Rom (epd). Jeder Prozentpunkt zählt beim Eindämmen der Pandemie: Knapp 80 Prozent der Italiener sind doppelt geimpft, die Booster-Kampagne schlägt an - und das in einem Land, welches oft als chaotisch verschrien ist. Die Sieben-Tage-Inzidenz steht jetzt auf 90, so niedrig wie sonst nur noch in Malta, Spanien und Schweden. In Deutschland wird unterdessen über eine Impfpflicht diskutiert, in Österreich gilt eine solche ab dem 1. Februar.
Ein Grund für diesen Erfolg ist an der Regierungsspitze zu finden. Der frühere Chef der Europäischen Zentralbank, Mario Draghi, ist bekannt für sein beherztes Handeln. Berühmt ist sein Ausspruch: „Whatever it takes“, unter diesem Motto wurde er zum Retter der Euro. Alle Mittel hat Draghi auch in der Pandemiebekämpfung zum Einsatz gebracht: Der „Green Pass“, das Zertifikat über Impf-, Test- oder Corona-Genesungsstatus, wurde in Italien mit als erstes eingeführt.
Ziel war es zunächst, das sommerliche Reisen im „Bel Paese“ zu garantieren. Das hat geklappt. Ende August wurden 20 Prozent mehr Urlauber als im ersten Pandemiesommer 2020 erfasst. In der Folge wurde die „Green Pass“-Pflicht in Italien auf immer größere Bereiche des gesellschaftlichen und wirtschaftlichen Lebens ausgeweitet. Seit Mitte Oktober kann nur zur Arbeit erscheinen, wer den 3G-Nachweis mittels „Green Pass“ vorweist.
Pragmatismus siegt über Gleichmut
Den Italienern ist ihr „posto fisso“, ihr sicherer Arbeitsplatz, heilig. Giancarlo Mancini, einer von rund 8.000 Taxifahrern in Rom, sagt: „Wenn ich die Impfung nicht für die Arbeit gebraucht hätte, hätte ich mich nicht geimpft.“ Hier siegt der Pragmatismus von oben über den „menefreghismo“ - den Gleichmut - der Römer. Der mit Worten sparsam und gezielt umgehende Premierminister Draghi äußerte sich deutlich: „Wer dazu aufruft, sich nicht zu impfen, der ruft dazu auf, zu sterben - oder andere sterben zu lassen.“ Bislang sind in Italien in der Pandemie rund 133.000 Menschen an und mit Covid-19 verstorben. Vor allem zu Beginn der Pandemie traf es Norditalien besonders schwer.
Die Organisation der Corona-Eindämmung und damit auch der Impfung legte Draghi in die Hände eines eigens ernannten Sonderkommissars: Armee-General Francesco Paolo Figliuolo. Dieser zieht das Impfprogramm mit militärischer Disziplin und Logistik durch. Die militärischen Einrichtungen in Italien funktionieren reibungslos. Seit den bürgerkriegsähnlichen Zuständen im „autunno caldo“, dem „heißen Herbst“, 1969/70 wird konsequent auf militärische Strukturen zur Aufrechterhaltung der öffentlichen Sicherheit gesetzt.

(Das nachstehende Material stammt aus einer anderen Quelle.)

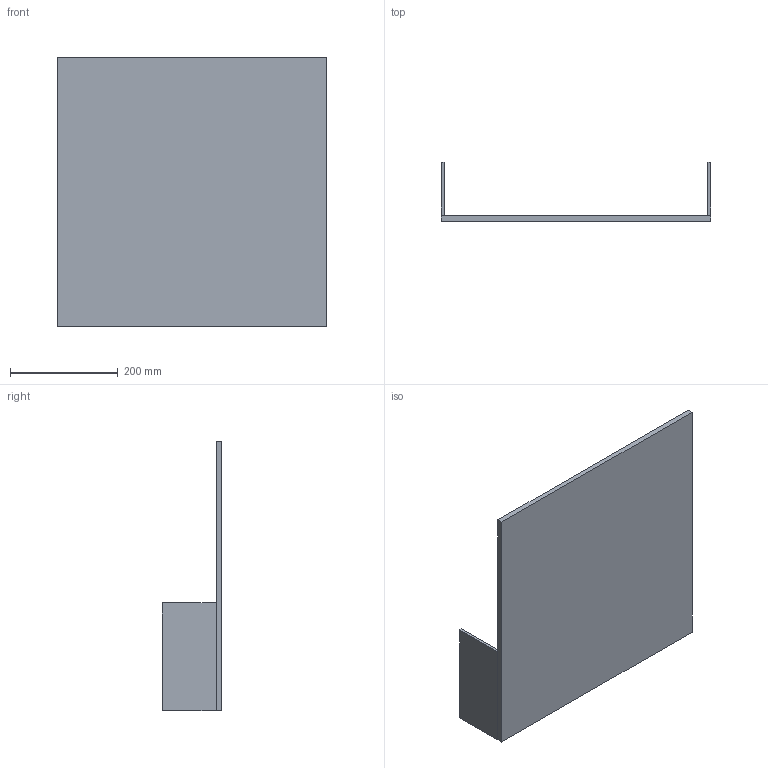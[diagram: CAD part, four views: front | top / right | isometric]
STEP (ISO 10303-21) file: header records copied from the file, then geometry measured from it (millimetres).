
FILE_DESCRIPTION (( 'STEP AP203' ), '1' );
FILE_NAME ('500菁啣ぐ蚾.', '2021-06-11T02:09:34', ( '' ), ( '' ), 'SwSTEP 2.0', 'SolidWorks 2020', '' );
FILE_SCHEMA (( 'CONFIG_CONTROL_DESIGN' ));
Length unit declared in the file: millimetre
Products named in the file (3): 500ｵﾗｰ蝪綫_ﾄｬﾈﾏ___ｨｨ_; 500ｵﾗｰ衄ｴﾗｰ_｡茖ﾁ｡綫___ｨ｢__; ｲ牴蝪綫_ﾄｬﾈﾏ___ｨｨ_
Assembly tree (3 placements, depth 2):
  500ｵﾗｰ衄ｴﾗｰ_｡茖ﾁ｡綫___ｨ｢__
    500ｵﾗｰ蝪綫_ﾄｬﾈﾏ___ｨｨ_
    ｲ牴蝪綫_ﾄｬﾈﾏ___ｨｨ_  x2
Bounding box: 500 x 110 x 500 mm (x, y, z)
Volume: 2700000 mm3; surface area: 606000 mm2
Topology: 3 solids, 3 shells, 18 faces, 36 edges, 24 vertices
Faces by surface type: plane 18
Entity records: 645 total; most frequent: DIRECTION 60, CARTESIAN_POINT 58, ORIENTED_EDGE 48, PERSON_AND_ORGANIZATION 27, EDGE_CURVE 24, LINE 24, VECTOR 24, COORDINATED_UNIVERSAL_TIME_OFFSET 21
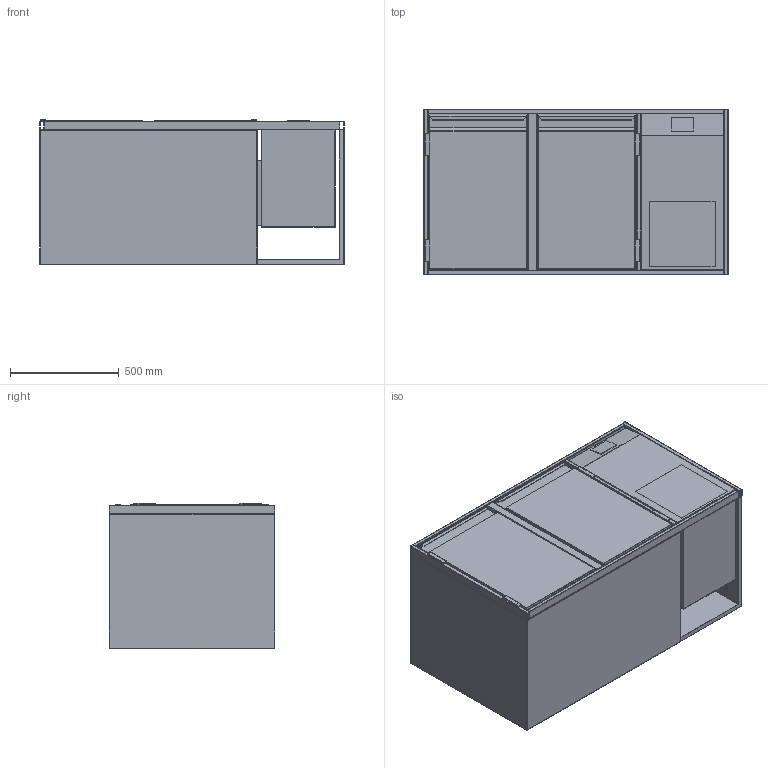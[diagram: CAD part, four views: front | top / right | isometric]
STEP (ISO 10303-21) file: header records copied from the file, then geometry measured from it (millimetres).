
FILE_DESCRIPTION (( 'STEP AP214' ), '1' );
FILE_NAME ('TKE-2-76-R-2T.step', '2024-11-06T14:57:23', ( '' ), ( '' ), 'SwSTEP 2.0', 'SolidWorks 2023', '' );
FILE_SCHEMA (( 'AUTOMOTIVE_DESIGN' ));
Length unit declared in the file: millimetre
Products named in the file (11): 24-01-54902_TK-TUER-445-705-R; 24-02-55011_G-TK-Fach-S-R-400-660-760; 20-03-43331_G-KT-Auflage-400-660-Ohne-Rost; 24-01-54896_G-TK-Rahmen-Tür-460-760; 24-01-54895_G-TK-Einbauelement-Tür-460-660-760-R; 24-01-54902_TK-TUER-445-705-L; 23-10-54612_G-TK-Korpus-1000-660-760-R; 20-03-43331_G-KT-Auflage-400-660-mit-Rost; 24-01-54895_G-TK-Einbauelement-Tür-460-660-760-L; TKE-2-76-R-2T; 21-11-50307_G-TK-FRR-760-1400--1000B-400
Assembly tree (15 placements, depth 3):
  TKE-2-76-R-2T
    23-10-54612_G-TK-Korpus-1000-660-760-R
    21-11-50307_G-TK-FRR-760-1400--1000B-400
    24-02-55011_G-TK-Fach-S-R-400-660-760
    24-01-54895_G-TK-Einbauelement-Tür-460-660-760-L
      24-01-54896_G-TK-Rahmen-Tür-460-760
      24-01-54902_TK-TUER-445-705-L
      20-03-43331_G-KT-Auflage-400-660-Ohne-Rost  x2
      20-03-43331_G-KT-Auflage-400-660-mit-Rost
    24-01-54895_G-TK-Einbauelement-Tür-460-660-760-R
      24-01-54896_G-TK-Rahmen-Tür-460-760
      24-01-54902_TK-TUER-445-705-R
      20-03-43331_G-KT-Auflage-400-660-Ohne-Rost  x2
      20-03-43331_G-KT-Auflage-400-660-mit-Rost
Bounding box: 1401 x 760 x 667.5 mm (x, y, z)
Volume: 207889193.2 mm3; surface area: 14444509.5 mm2
Topology: 31 solids, 31 shells, 1703 faces, 4518 edges, 2860 vertices
Faces by surface type: cylinder 1024, plane 583, sphere 34, torus 32, bspline 30
Entity records: 36062 total; most frequent: CARTESIAN_POINT 6925, DIRECTION 6201, ORIENTED_EDGE 5758, EDGE_CURVE 2879, AXIS2_PLACEMENT_3D 2310, VERTEX_POINT 1822, LINE 1581, VECTOR 1581

Den „besten Mann für Krisenfälle“ hat Mario Draghi im März als Covid-19-Sonderkommissar gesucht. Figliuolo hat sich als solcher erwiesen. Die Impfkampagne steuert er aus Rom, trotz der Zuständigkeit der Regionen für das Gesundheitssystem. Ein Beweis für eine weitere Wesenseigenschaft der Italiener: höchste Flexibilität in problematischen Situationen.
Nur sieben Prozent lehnen Impfung kategorisch ab
Mit größtem Einsatz wurde ein Netz an Impfzentren und das System der logistischen Verteilung aufgebaut, das Personal stammt aus Freiwilligenorganisationen, der Armee, dem Zivilschutz und dem Gesundheitspersonal. Bis Ende des Jahres will der Afghanistan- und Kosovo-Veteran Figliuolo 90 Prozent aller Italienerinnen und Italiener über zwölf Jahren mindestens einmal geimpft sehen. Seit Mai gilt schon eine Impfpflicht in medizinischen Berufen, seit Oktober auch für Beschäftigte in Altenheimen.
„Whatever it takes“ - was es braucht, sind Rationalismus, Pragmatismus und straffe Organisation, um die Impfquote nach oben schnellen zu lassen und die Pandemie in den Griff zu bekommen. Das überzeugt die Italiener, von denen nur etwa sieben Prozent angeben, sich überhaupt nicht impfen lassen zu wollen.